Problem to solve » Once the line containing "#16857 = CARTESIAN_POINT('',(-3.3,20.65,-10.));" is found in the records below, return it and each following line exactly, up to and including the line containing "#17003 = LINE('',#17004,#17005);", and nothing else.

Exercise materials »
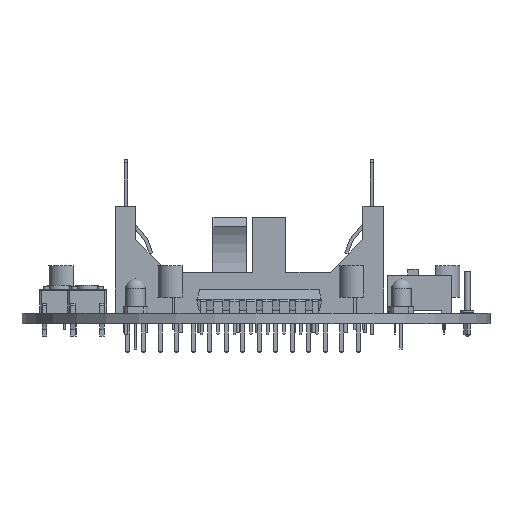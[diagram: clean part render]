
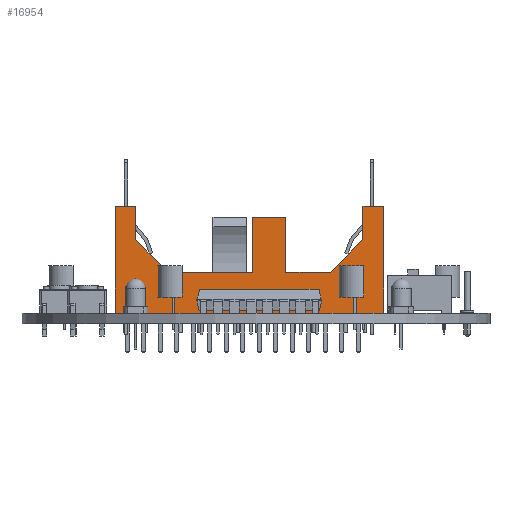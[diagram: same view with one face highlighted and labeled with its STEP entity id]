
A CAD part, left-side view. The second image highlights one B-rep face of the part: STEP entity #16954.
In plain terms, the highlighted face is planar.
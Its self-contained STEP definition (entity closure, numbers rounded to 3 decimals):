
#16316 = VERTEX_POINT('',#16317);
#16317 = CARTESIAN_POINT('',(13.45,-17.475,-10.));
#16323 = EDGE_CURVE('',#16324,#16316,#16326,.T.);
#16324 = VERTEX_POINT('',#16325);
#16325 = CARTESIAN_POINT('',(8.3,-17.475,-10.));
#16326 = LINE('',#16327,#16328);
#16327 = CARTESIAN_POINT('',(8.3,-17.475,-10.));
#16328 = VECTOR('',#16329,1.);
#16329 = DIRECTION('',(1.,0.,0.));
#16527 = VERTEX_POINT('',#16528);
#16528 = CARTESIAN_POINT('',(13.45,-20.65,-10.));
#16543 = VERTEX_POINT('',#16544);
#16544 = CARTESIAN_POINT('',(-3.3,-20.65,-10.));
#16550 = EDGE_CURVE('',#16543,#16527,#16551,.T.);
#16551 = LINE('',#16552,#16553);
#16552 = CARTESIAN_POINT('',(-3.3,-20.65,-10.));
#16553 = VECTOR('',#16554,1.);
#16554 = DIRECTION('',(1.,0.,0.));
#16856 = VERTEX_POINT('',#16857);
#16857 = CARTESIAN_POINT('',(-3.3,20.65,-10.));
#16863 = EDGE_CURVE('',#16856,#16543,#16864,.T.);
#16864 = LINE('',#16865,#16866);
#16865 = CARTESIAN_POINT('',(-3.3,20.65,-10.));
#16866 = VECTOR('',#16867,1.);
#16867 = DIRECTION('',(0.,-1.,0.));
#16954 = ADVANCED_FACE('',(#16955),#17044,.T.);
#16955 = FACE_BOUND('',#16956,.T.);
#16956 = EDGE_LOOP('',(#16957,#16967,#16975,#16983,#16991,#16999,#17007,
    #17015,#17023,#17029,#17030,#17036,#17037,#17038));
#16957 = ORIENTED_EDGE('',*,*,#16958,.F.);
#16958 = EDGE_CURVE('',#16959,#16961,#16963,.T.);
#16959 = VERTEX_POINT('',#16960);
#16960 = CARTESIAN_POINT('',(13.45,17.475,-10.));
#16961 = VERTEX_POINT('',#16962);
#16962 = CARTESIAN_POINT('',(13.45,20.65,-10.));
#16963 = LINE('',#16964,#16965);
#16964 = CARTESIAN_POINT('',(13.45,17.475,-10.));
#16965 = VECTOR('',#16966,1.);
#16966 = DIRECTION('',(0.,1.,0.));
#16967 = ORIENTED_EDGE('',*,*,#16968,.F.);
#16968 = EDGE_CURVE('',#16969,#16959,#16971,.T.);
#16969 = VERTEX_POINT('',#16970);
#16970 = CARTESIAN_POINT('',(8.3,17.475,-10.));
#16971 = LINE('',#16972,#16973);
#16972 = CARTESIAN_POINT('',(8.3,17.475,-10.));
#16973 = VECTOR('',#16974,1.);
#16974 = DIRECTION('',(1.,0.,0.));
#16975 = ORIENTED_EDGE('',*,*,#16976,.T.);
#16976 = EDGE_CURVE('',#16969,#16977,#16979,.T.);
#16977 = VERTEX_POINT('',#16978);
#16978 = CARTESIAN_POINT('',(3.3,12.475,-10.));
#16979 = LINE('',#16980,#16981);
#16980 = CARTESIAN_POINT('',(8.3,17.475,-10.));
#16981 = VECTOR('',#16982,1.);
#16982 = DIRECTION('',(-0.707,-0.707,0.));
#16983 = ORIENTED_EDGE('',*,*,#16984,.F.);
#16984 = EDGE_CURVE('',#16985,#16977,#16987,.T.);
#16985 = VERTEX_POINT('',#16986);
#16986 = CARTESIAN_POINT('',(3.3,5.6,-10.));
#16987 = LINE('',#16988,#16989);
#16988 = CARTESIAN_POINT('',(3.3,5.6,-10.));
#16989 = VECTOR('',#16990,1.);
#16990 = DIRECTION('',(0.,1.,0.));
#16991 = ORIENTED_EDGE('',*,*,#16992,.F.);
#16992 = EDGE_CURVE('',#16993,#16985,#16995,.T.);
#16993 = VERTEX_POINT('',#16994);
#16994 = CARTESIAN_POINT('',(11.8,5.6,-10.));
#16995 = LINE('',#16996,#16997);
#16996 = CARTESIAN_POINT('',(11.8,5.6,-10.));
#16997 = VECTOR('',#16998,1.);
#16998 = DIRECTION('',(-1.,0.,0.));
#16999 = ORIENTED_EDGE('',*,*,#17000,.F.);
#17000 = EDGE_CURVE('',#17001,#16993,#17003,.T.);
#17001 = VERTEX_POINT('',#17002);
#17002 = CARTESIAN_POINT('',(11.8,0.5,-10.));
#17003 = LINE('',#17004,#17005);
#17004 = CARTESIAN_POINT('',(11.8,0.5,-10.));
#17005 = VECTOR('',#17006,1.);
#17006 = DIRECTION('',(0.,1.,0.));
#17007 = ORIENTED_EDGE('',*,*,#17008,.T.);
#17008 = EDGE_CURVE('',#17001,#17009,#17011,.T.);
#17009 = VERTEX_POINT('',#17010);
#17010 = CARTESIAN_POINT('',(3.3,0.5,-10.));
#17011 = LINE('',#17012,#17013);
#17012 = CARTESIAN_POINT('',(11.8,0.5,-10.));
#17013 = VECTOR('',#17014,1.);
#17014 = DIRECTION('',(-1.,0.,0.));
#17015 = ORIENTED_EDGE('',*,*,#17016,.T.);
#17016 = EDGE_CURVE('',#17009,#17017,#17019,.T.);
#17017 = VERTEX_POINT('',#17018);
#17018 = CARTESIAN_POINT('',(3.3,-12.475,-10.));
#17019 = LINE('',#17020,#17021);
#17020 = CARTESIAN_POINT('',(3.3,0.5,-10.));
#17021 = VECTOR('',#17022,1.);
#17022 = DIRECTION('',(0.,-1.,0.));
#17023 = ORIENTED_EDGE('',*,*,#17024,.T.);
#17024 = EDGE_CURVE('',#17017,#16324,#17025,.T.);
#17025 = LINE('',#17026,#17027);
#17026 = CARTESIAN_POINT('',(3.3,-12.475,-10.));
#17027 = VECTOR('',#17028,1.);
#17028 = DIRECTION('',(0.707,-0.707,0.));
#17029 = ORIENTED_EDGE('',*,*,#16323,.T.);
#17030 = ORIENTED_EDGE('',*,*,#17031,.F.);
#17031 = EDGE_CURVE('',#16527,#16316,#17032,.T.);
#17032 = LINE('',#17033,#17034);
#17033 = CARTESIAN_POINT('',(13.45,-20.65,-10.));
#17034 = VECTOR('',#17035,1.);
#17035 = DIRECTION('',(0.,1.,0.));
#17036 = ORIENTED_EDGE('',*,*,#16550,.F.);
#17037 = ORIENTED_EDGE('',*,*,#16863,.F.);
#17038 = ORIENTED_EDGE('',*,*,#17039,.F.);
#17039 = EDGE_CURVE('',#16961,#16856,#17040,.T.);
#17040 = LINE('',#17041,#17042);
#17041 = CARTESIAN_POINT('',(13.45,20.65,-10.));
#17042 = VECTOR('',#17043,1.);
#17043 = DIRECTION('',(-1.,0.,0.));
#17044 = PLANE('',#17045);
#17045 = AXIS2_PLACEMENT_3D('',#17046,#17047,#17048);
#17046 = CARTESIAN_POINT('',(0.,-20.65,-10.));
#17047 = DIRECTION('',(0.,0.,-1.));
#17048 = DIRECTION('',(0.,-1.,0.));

Reply to the task »
#16857 = CARTESIAN_POINT('',(-3.3,20.65,-10.));
#16863 = EDGE_CURVE('',#16856,#16543,#16864,.T.);
#16864 = LINE('',#16865,#16866);
#16865 = CARTESIAN_POINT('',(-3.3,20.65,-10.));
#16866 = VECTOR('',#16867,1.);
#16867 = DIRECTION('',(0.,-1.,0.));
#16954 = ADVANCED_FACE('',(#16955),#17044,.T.);
#16955 = FACE_BOUND('',#16956,.T.);
#16956 = EDGE_LOOP('',(#16957,#16967,#16975,#16983,#16991,#16999,#17007,
    #17015,#17023,#17029,#17030,#17036,#17037,#17038));
#16957 = ORIENTED_EDGE('',*,*,#16958,.F.);
#16958 = EDGE_CURVE('',#16959,#16961,#16963,.T.);
#16959 = VERTEX_POINT('',#16960);
#16960 = CARTESIAN_POINT('',(13.45,17.475,-10.));
#16961 = VERTEX_POINT('',#16962);
#16962 = CARTESIAN_POINT('',(13.45,20.65,-10.));
#16963 = LINE('',#16964,#16965);
#16964 = CARTESIAN_POINT('',(13.45,17.475,-10.));
#16965 = VECTOR('',#16966,1.);
#16966 = DIRECTION('',(0.,1.,0.));
#16967 = ORIENTED_EDGE('',*,*,#16968,.F.);
#16968 = EDGE_CURVE('',#16969,#16959,#16971,.T.);
#16969 = VERTEX_POINT('',#16970);
#16970 = CARTESIAN_POINT('',(8.3,17.475,-10.));
#16971 = LINE('',#16972,#16973);
#16972 = CARTESIAN_POINT('',(8.3,17.475,-10.));
#16973 = VECTOR('',#16974,1.);
#16974 = DIRECTION('',(1.,0.,0.));
#16975 = ORIENTED_EDGE('',*,*,#16976,.T.);
#16976 = EDGE_CURVE('',#16969,#16977,#16979,.T.);
#16977 = VERTEX_POINT('',#16978);
#16978 = CARTESIAN_POINT('',(3.3,12.475,-10.));
#16979 = LINE('',#16980,#16981);
#16980 = CARTESIAN_POINT('',(8.3,17.475,-10.));
#16981 = VECTOR('',#16982,1.);
#16982 = DIRECTION('',(-0.707,-0.707,0.));
#16983 = ORIENTED_EDGE('',*,*,#16984,.F.);
#16984 = EDGE_CURVE('',#16985,#16977,#16987,.T.);
#16985 = VERTEX_POINT('',#16986);
#16986 = CARTESIAN_POINT('',(3.3,5.6,-10.));
#16987 = LINE('',#16988,#16989);
#16988 = CARTESIAN_POINT('',(3.3,5.6,-10.));
#16989 = VECTOR('',#16990,1.);
#16990 = DIRECTION('',(0.,1.,0.));
#16991 = ORIENTED_EDGE('',*,*,#16992,.F.);
#16992 = EDGE_CURVE('',#16993,#16985,#16995,.T.);
#16993 = VERTEX_POINT('',#16994);
#16994 = CARTESIAN_POINT('',(11.8,5.6,-10.));
#16995 = LINE('',#16996,#16997);
#16996 = CARTESIAN_POINT('',(11.8,5.6,-10.));
#16997 = VECTOR('',#16998,1.);
#16998 = DIRECTION('',(-1.,0.,0.));
#16999 = ORIENTED_EDGE('',*,*,#17000,.F.);
#17000 = EDGE_CURVE('',#17001,#16993,#17003,.T.);
#17001 = VERTEX_POINT('',#17002);
#17002 = CARTESIAN_POINT('',(11.8,0.5,-10.));
#17003 = LINE('',#17004,#17005);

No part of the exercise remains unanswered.